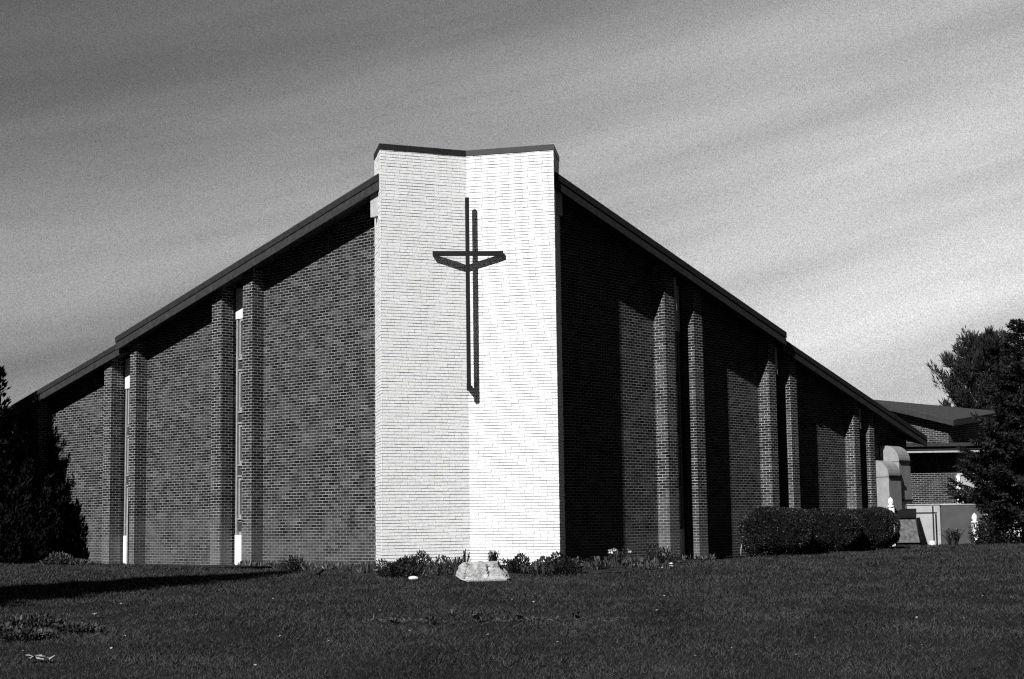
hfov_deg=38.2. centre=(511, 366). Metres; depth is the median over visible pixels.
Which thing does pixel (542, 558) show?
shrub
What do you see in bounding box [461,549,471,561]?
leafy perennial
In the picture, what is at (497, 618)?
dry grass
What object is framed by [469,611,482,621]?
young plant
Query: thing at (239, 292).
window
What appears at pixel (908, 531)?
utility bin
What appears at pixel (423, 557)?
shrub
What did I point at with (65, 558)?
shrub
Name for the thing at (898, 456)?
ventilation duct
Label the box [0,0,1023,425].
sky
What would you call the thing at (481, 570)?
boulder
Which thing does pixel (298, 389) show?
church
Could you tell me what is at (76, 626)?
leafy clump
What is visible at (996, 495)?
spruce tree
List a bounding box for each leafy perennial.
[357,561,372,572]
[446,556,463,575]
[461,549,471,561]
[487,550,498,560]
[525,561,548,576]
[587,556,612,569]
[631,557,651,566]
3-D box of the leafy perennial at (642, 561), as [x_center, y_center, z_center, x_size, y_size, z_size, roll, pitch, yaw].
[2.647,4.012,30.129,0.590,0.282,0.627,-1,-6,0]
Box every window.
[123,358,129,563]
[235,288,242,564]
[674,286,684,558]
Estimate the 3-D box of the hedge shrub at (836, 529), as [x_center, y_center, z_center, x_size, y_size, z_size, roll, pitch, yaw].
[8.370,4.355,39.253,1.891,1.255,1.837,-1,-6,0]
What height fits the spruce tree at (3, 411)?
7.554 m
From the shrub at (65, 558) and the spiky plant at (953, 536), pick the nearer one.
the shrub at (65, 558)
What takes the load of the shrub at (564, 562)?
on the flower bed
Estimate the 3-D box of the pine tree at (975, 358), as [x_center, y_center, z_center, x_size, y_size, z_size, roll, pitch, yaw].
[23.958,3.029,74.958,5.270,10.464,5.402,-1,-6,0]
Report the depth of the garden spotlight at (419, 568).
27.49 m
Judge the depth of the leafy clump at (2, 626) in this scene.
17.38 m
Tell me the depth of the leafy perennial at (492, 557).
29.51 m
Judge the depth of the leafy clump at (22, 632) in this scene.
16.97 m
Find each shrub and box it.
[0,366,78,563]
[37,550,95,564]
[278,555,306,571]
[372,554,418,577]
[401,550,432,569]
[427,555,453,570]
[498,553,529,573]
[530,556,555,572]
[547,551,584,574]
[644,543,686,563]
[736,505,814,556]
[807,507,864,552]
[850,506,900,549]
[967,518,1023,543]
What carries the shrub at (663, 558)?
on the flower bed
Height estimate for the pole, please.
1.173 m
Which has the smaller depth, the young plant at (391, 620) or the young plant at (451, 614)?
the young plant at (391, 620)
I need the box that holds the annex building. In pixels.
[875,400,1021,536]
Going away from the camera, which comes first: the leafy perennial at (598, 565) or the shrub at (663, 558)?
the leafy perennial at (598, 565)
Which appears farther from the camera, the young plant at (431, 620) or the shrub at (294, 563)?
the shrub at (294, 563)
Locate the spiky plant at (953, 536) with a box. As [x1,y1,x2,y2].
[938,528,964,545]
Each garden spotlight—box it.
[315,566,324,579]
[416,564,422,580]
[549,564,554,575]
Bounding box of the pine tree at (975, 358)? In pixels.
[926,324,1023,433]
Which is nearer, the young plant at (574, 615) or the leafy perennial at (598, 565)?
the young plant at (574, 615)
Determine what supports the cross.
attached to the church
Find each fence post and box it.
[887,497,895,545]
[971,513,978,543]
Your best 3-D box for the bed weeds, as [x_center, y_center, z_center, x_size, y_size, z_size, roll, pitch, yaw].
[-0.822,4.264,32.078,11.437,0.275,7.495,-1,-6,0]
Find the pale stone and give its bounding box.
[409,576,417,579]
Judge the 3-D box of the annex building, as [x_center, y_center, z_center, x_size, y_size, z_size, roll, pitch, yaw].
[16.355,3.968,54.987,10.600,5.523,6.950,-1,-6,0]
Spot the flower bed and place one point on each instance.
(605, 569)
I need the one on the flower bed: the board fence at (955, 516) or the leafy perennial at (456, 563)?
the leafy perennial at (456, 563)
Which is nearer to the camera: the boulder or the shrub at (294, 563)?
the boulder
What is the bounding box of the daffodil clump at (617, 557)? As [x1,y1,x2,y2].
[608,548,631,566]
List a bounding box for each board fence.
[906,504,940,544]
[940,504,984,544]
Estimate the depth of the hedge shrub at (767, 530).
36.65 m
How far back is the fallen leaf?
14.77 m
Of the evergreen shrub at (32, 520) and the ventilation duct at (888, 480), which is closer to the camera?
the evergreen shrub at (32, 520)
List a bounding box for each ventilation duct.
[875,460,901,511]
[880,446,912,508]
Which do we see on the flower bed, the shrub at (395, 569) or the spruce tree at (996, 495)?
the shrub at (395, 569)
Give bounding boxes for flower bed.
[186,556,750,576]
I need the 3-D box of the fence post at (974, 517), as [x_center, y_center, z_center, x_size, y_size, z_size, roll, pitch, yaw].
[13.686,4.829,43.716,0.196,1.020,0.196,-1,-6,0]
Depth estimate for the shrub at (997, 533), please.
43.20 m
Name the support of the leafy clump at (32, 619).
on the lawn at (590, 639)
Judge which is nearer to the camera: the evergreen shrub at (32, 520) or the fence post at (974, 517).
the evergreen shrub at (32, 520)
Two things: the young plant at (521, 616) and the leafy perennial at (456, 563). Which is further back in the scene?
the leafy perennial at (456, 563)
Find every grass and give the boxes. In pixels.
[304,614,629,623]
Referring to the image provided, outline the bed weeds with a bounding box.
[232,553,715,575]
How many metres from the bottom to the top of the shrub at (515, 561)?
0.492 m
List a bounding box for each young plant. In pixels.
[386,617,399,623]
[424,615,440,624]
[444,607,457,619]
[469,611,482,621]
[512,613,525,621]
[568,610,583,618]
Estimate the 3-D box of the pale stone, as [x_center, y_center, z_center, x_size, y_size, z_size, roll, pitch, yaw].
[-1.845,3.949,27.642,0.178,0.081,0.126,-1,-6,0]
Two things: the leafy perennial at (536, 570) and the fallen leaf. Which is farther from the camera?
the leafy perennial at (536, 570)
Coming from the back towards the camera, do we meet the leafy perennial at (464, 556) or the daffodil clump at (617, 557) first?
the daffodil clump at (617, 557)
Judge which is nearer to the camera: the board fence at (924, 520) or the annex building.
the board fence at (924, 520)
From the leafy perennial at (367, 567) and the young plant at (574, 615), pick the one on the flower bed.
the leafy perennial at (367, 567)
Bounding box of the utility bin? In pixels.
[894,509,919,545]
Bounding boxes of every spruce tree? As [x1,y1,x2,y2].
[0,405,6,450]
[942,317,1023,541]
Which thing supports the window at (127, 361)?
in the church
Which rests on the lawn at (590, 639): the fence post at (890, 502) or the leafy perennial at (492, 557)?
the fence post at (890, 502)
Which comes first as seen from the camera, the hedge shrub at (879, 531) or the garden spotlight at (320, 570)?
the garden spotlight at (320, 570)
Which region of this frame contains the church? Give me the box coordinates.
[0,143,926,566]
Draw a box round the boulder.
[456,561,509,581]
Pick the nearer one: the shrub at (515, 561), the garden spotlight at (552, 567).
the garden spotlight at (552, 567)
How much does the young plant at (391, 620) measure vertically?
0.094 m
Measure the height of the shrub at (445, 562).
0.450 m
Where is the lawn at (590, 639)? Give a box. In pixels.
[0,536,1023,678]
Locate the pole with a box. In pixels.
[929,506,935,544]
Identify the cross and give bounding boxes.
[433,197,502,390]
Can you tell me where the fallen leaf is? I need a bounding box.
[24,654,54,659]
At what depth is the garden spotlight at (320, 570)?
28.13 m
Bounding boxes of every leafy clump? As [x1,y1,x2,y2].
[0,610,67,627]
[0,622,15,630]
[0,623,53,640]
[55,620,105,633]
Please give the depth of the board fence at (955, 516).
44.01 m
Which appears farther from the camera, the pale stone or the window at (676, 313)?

▶ Activity
Copy the lines above exactly, beginning at the line containing "Draw a box round the boulder." and stopping at the last line.

▶ Response area
Draw a box round the boulder.
[456,561,509,581]
Pick the nearer one: the shrub at (515, 561), the garden spotlight at (552, 567).
the garden spotlight at (552, 567)
How much does the young plant at (391, 620) measure vertically?
0.094 m
Measure the height of the shrub at (445, 562).
0.450 m
Where is the lawn at (590, 639)? Give a box. In pixels.
[0,536,1023,678]
Locate the pole with a box. In pixels.
[929,506,935,544]
Identify the cross and give bounding boxes.
[433,197,502,390]
Can you tell me where the fallen leaf is? I need a bounding box.
[24,654,54,659]
At what depth is the garden spotlight at (320, 570)?
28.13 m
Bounding boxes of every leafy clump? As [x1,y1,x2,y2].
[0,610,67,627]
[0,622,15,630]
[0,623,53,640]
[55,620,105,633]
Please give the depth of the board fence at (955, 516).
44.01 m
Which appears farther from the camera, the pale stone or the window at (676, 313)?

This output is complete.